(Beginning of SOURCE INFORMATION)
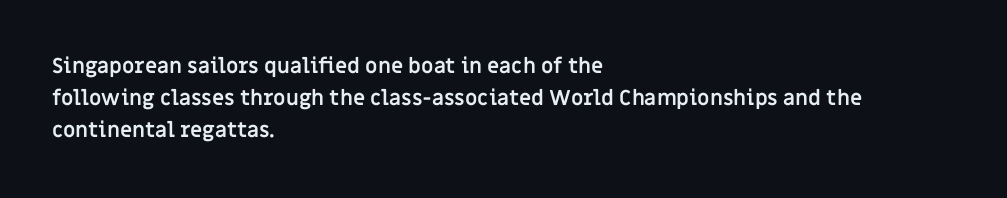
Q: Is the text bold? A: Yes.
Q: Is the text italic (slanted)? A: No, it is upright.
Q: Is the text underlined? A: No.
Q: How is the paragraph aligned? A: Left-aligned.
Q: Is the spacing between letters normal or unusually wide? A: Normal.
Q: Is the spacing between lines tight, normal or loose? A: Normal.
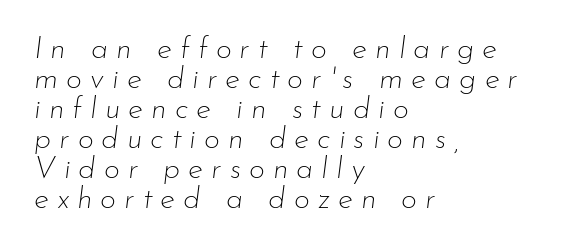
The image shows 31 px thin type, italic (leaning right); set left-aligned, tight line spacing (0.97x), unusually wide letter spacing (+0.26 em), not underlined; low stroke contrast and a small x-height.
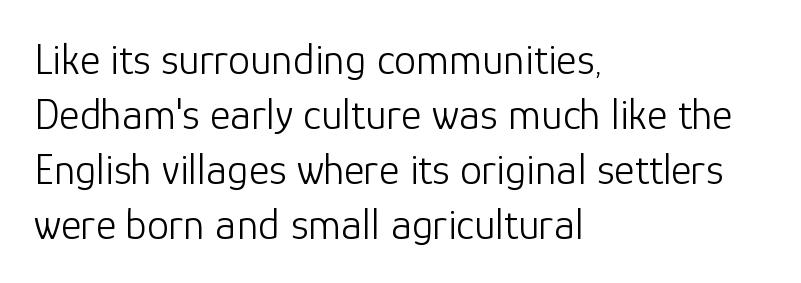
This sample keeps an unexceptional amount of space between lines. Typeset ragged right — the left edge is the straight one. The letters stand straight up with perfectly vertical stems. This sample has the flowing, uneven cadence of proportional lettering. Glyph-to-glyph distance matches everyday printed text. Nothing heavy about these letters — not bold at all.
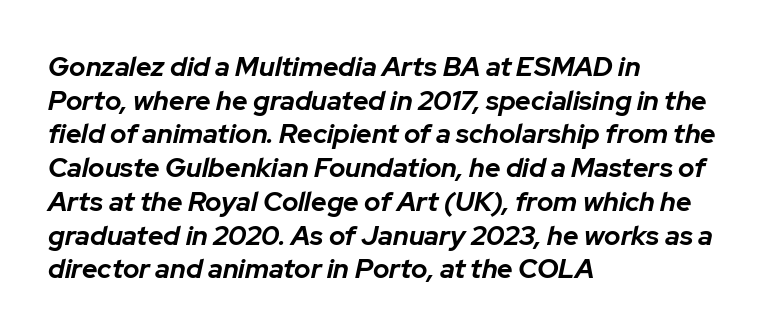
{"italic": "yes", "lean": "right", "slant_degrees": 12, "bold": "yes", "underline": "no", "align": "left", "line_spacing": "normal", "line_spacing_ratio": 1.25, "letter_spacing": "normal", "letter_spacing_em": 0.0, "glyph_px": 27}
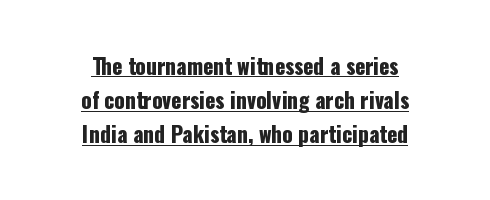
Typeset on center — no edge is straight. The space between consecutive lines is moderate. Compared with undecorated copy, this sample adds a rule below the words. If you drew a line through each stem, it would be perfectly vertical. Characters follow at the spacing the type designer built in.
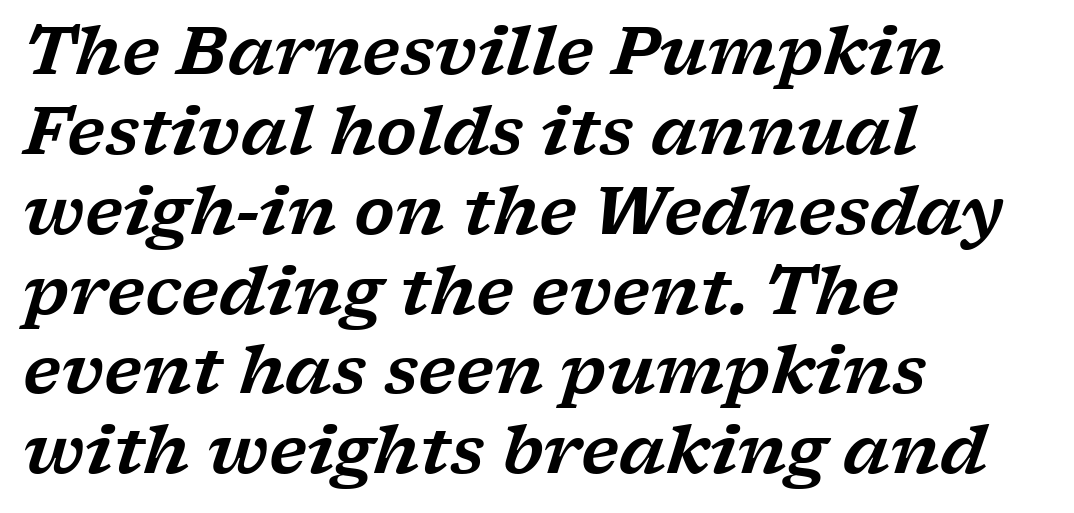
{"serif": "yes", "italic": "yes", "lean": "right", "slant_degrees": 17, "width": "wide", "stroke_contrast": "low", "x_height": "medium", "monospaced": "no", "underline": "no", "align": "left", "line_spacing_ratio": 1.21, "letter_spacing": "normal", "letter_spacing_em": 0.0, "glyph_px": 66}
(End of SOURCE INFORMATION)
From the entries, copy every line in which the word "underlined" occurs.

Q: Is the text underlined? A: No.
The image shows 31 px thin type, italic (leaning right); set left-aligned, tight line spacing (0.97x), unusually wide letter spacing (+0.26 em), not underlined; low stroke contrast and a small x-height.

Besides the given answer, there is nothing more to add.